The change covers unused pension funds that have not been drawn down or annuitised – the pots that have been building up, sometimes for decades, in dormant or deferred accounts. Death in service lump sums from registered pension schemes are excluded from the change and remain outside the estate for inheritance tax purposes.

Why this makes pension tracing more important. Under the rules that applied before 6 April 2027, a forgotten pension pot held outside the estate carried no immediate inheritance tax consequence – the trustees would pay it to a beneficiary, and that payment was outside the estate entirely. From April 2027, the same pot may form part of the estate’s value and affect whether an inheritance tax liability arises. Even a modest forgotten pension – £20,000 or £30,000 that the family did not know existed – could push a borderline estate over the nil-rate band.

This means thorough pension tracing is now part of proper estate administration, not just an optional extra for larger estates. Every pension found needs to be reported to the personal representative and assessed for its value and tax position.

For a full explanation of how pension death benefits interact with inheritance tax – including the two-year rule, the lump sum and death benefit allowance, and the April 2027 changes in detail – see our what happens to pensions when someone dies guide. If the estate’s overall value may trigger an inheritance tax liability, see our inheritance tax section.

(Source: gov.uk – Inheritance Tax: unused pension funds and death benefits.

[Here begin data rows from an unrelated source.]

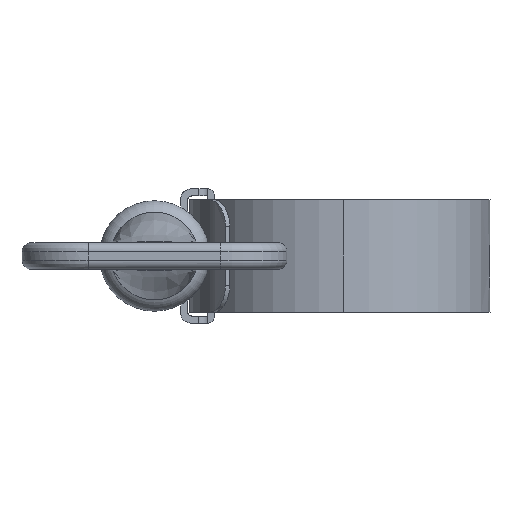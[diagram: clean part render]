
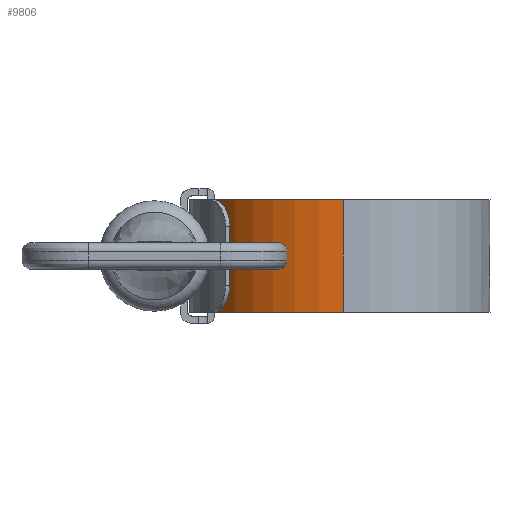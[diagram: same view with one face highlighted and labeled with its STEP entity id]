
A CAD part, left-side view. The second image highlights one B-rep face of the part: STEP entity #9806.
In plain terms, the highlighted cylindrical face has radius 16.64 mm (diameter 33.28 mm), a partial arc.
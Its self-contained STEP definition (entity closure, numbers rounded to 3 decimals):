
#9 = VERTEX_POINT ( 'NONE', #1311 ) ;
#67 = EDGE_LOOP ( 'NONE', ( #1585, #3104, #7584, #7549, #6086, #8992 ) ) ;
#174 = EDGE_CURVE ( 'NONE', #2449, #9, #8053, .T. ) ;
#198 = DIRECTION ( 'NONE',  ( 0., 0., 1. ) ) ;
#312 = CYLINDRICAL_SURFACE ( 'NONE', #4606, 16.64 ) ;
#588 = CARTESIAN_POINT ( 'NONE',  ( 1.732, 16.551, -6.331 ) ) ;
#665 = LINE ( 'NONE', #5357, #6303 ) ;
#857 = AXIS2_PLACEMENT_3D ( 'NONE', #9762, #2892, #9014 ) ;
#1070 = CARTESIAN_POINT ( 'NONE',  ( 4.307, 16.073, 3.35 ) ) ;
#1113 = EDGE_CURVE ( 'NONE', #9, #9143, #6752, .T. ) ;
#1114 = CARTESIAN_POINT ( 'NONE',  ( 2.113, 16.506, 6.256 ) ) ;
#1249 = CARTESIAN_POINT ( 'NONE',  ( 2.838, 16.397, -5.957 ) ) ;
#1311 = CARTESIAN_POINT ( 'NONE',  ( 1.338, 16.586, -6.35 ) ) ;
#1396 = CARTESIAN_POINT ( 'NONE',  ( 3.921, 16.172, -4.856 ) ) ;
#1585 = ORIENTED_EDGE ( 'NONE', *, *, #4875, .F. ) ;
#1772 = CARTESIAN_POINT ( 'NONE',  ( 0., 0., 6.35 ) ) ;
#1788 = EDGE_CURVE ( 'NONE', #6401, #6227, #1877, .T. ) ;
#1877 = B_SPLINE_CURVE_WITH_KNOTS ( 'NONE', 3,
 ( #1923, #9340, #8605, #1114, #3360, #9388, #2563, #4157, #2515, #5605, #9484, #5557, #4209, #8651, #7901, #6416, #2611, #1070 ),
 .UNSPECIFIED., .F., .F.,
 ( 4, 2, 2, 2, 2, 2, 2, 2, 4 ),
 ( 0., 0.001, 0.001, 0.002, 0.002, 0.003, 0.004, 0.004, 0.005 ),
 .UNSPECIFIED. ) ;
#1923 = CARTESIAN_POINT ( 'NONE',  ( 1.338, 16.586, 6.35 ) ) ;
#2113 = VECTOR ( 'NONE', #8607, 1000. ) ;
#2215 = DIRECTION ( 'NONE',  ( 0., 0., -1. ) ) ;
#2449 = VERTEX_POINT ( 'NONE', #2536 ) ;
#2515 = CARTESIAN_POINT ( 'NONE',  ( 3.31, 16.308, 5.616 ) ) ;
#2536 = CARTESIAN_POINT ( 'NONE',  ( 4.307, 16.073, -3.35 ) ) ;
#2563 = CARTESIAN_POINT ( 'NONE',  ( 2.835, 16.398, 5.959 ) ) ;
#2606 = DIRECTION ( 'NONE',  ( -1., 0., 0. ) ) ;
#2611 = CARTESIAN_POINT ( 'NONE',  ( 4.307, 16.073, 3.549 ) ) ;
#2892 = DIRECTION ( 'NONE',  ( 0., 0., 1. ) ) ;
#2938 = CARTESIAN_POINT ( 'NONE',  ( 1.536, 16.57, -6.35 ) ) ;
#2951 = CARTESIAN_POINT ( 'NONE',  ( 1.338, 16.586, 6.35 ) ) ;
#3104 = ORIENTED_EDGE ( 'NONE', *, *, #5233, .F. ) ;
#3239 = DIRECTION ( 'NONE',  ( 1., 0., 0. ) ) ;
#3282 = CARTESIAN_POINT ( 'NONE',  ( -16.64, 0., -6.35 ) ) ;
#3360 = CARTESIAN_POINT ( 'NONE',  ( 2.303, 16.481, 6.199 ) ) ;
#3593 = CARTESIAN_POINT ( 'NONE',  ( 3.162, 16.338, -5.738 ) ) ;
#3636 = CARTESIAN_POINT ( 'NONE',  ( 4.011, 16.15, -4.684 ) ) ;
#3682 = CARTESIAN_POINT ( 'NONE',  ( 4.307, 16.073, -3.549 ) ) ;
#3732 = CARTESIAN_POINT ( 'NONE',  ( 3.708, 16.222, -5.183 ) ) ;
#4070 = CARTESIAN_POINT ( 'NONE',  ( 4.307, 16.073, 6.35 ) ) ;
#4157 = CARTESIAN_POINT ( 'NONE',  ( 3.157, 16.339, 5.742 ) ) ;
#4209 = CARTESIAN_POINT ( 'NONE',  ( 4.01, 16.15, 4.685 ) ) ;
#4288 = CARTESIAN_POINT ( 'NONE',  ( 2.665, 16.426, -6.05 ) ) ;
#4423 = CARTESIAN_POINT ( 'NONE',  ( 2.307, 16.48, -6.198 ) ) ;
#4476 = CARTESIAN_POINT ( 'NONE',  ( 4.158, 16.112, -4.32 ) ) ;
#4606 = AXIS2_PLACEMENT_3D ( 'NONE', #1772, #6507, #2606 ) ;
#4875 = EDGE_CURVE ( 'NONE', #9252, #9143, #665, .T. ) ;
#5045 = EDGE_CURVE ( 'NONE', #6227, #2449, #7800, .T. ) ;
#5229 = CARTESIAN_POINT ( 'NONE',  ( 4.288, 16.078, -3.744 ) ) ;
#5233 = EDGE_CURVE ( 'NONE', #6401, #9252, #6733, .T. ) ;
#5357 = CARTESIAN_POINT ( 'NONE',  ( -16.64, 0., 6.35 ) ) ;
#5557 = CARTESIAN_POINT ( 'NONE',  ( 3.919, 16.172, 4.86 ) ) ;
#5605 = CARTESIAN_POINT ( 'NONE',  ( 3.582, 16.25, 5.339 ) ) ;
#5834 = CARTESIAN_POINT ( 'NONE',  ( 2.118, 16.506, -6.255 ) ) ;
#5849 = CARTESIAN_POINT ( 'NONE',  ( 4.307, 16.073, 3.35 ) ) ;
#5986 = CARTESIAN_POINT ( 'NONE',  ( 3.584, 16.25, -5.338 ) ) ;
#6086 = ORIENTED_EDGE ( 'NONE', *, *, #174, .T. ) ;
#6099 = CARTESIAN_POINT ( 'NONE',  ( 0., 0., 6.35 ) ) ;
#6227 = VERTEX_POINT ( 'NONE', #5849 ) ;
#6303 = VECTOR ( 'NONE', #2215, 1000. ) ;
#6401 = VERTEX_POINT ( 'NONE', #2951 ) ;
#6416 = CARTESIAN_POINT ( 'NONE',  ( 4.288, 16.078, 3.745 ) ) ;
#6507 = DIRECTION ( 'NONE',  ( 0., 0., -1. ) ) ;
#6733 = CIRCLE ( 'NONE', #8797, 16.64 ) ;
#6735 = CARTESIAN_POINT ( 'NONE',  ( 4.214, 16.098, -4.129 ) ) ;
#6752 = CIRCLE ( 'NONE', #857, 16.64 ) ;
#6790 = CARTESIAN_POINT ( 'NONE',  ( 3.311, 16.308, -5.614 ) ) ;
#7549 = ORIENTED_EDGE ( 'NONE', *, *, #5045, .T. ) ;
#7584 = ORIENTED_EDGE ( 'NONE', *, *, #1788, .T. ) ;
#7800 = LINE ( 'NONE', #4070, #2113 ) ;
#7901 = CARTESIAN_POINT ( 'NONE',  ( 4.213, 16.098, 4.134 ) ) ;
#8053 = B_SPLINE_CURVE_WITH_KNOTS ( 'NONE', 3,
 ( #8224, #3682, #5229, #6735, #4476, #3636, #1396, #3732, #5986, #6790, #3593, #1249, #4288, #4423, #5834, #588, #2938, #9807 ),
 .UNSPECIFIED., .F., .F.,
 ( 4, 2, 2, 2, 2, 2, 2, 2, 4 ),
 ( 0., 0.001, 0.001, 0.002, 0.002, 0.003, 0.004, 0.004, 0.005 ),
 .UNSPECIFIED. ) ;
#8114 = CARTESIAN_POINT ( 'NONE',  ( -16.64, 0., 6.35 ) ) ;
#8224 = CARTESIAN_POINT ( 'NONE',  ( 4.307, 16.073, -3.35 ) ) ;
#8605 = CARTESIAN_POINT ( 'NONE',  ( 1.731, 16.551, 6.331 ) ) ;
#8607 = DIRECTION ( 'NONE',  ( 0., 0., -1. ) ) ;
#8647 = FACE_OUTER_BOUND ( 'NONE', #67, .T. ) ;
#8651 = CARTESIAN_POINT ( 'NONE',  ( 4.156, 16.113, 4.323 ) ) ;
#8797 = AXIS2_PLACEMENT_3D ( 'NONE', #6099, #198, #3239 ) ;
#8992 = ORIENTED_EDGE ( 'NONE', *, *, #1113, .T. ) ;
#9014 = DIRECTION ( 'NONE',  ( 1., 0., 0. ) ) ;
#9143 = VERTEX_POINT ( 'NONE', #3282 ) ;
#9252 = VERTEX_POINT ( 'NONE', #8114 ) ;
#9340 = CARTESIAN_POINT ( 'NONE',  ( 1.536, 16.57, 6.35 ) ) ;
#9388 = CARTESIAN_POINT ( 'NONE',  ( 2.664, 16.426, 6.05 ) ) ;
#9484 = CARTESIAN_POINT ( 'NONE',  ( 3.704, 16.223, 5.188 ) ) ;
#9762 = CARTESIAN_POINT ( 'NONE',  ( 0., 0., -6.35 ) ) ;
#9806 = ADVANCED_FACE ( 'NONE', ( #8647 ), #312, .T. ) ;
#9807 = CARTESIAN_POINT ( 'NONE',  ( 1.338, 16.586, -6.35 ) ) ;

Last verified: 14 May 2026.)


Summary

The Pension Tracing Service is free, fast, and worth using for any estate where the deceased had more than one employer during their working life. Go to gov.uk/find-pension-contact-details or call 0800 731 0175 (Monday to Friday, 10am to 3pm).

You will need the employer’s name or pension scheme name. What you get back is contact details for the scheme administrator – not confirmation that a pension exists, not a balance figure. The next step is contacting each administrator directly, providing the death certificate and the deceased’s details, and following their individual claim process.

Use multiple tracing approaches in parallel: payslips and P60s, bank statements, old pension statements, direct contact with past employers, and the Pension Tracing Service. For the broader picture on what happens to all types of pension after a death, see our pensions overview. For the State Pension specifically – which is handled entirely separately through DWP, not through the Pension Tracing Service – see our State Pension guide.

Phone number and process last verified: 14 May 2026, from gov.uk/find-pension-contact-details. IHT change sourced from gov.uk – Inheritance Tax: unused pension funds and death benefits.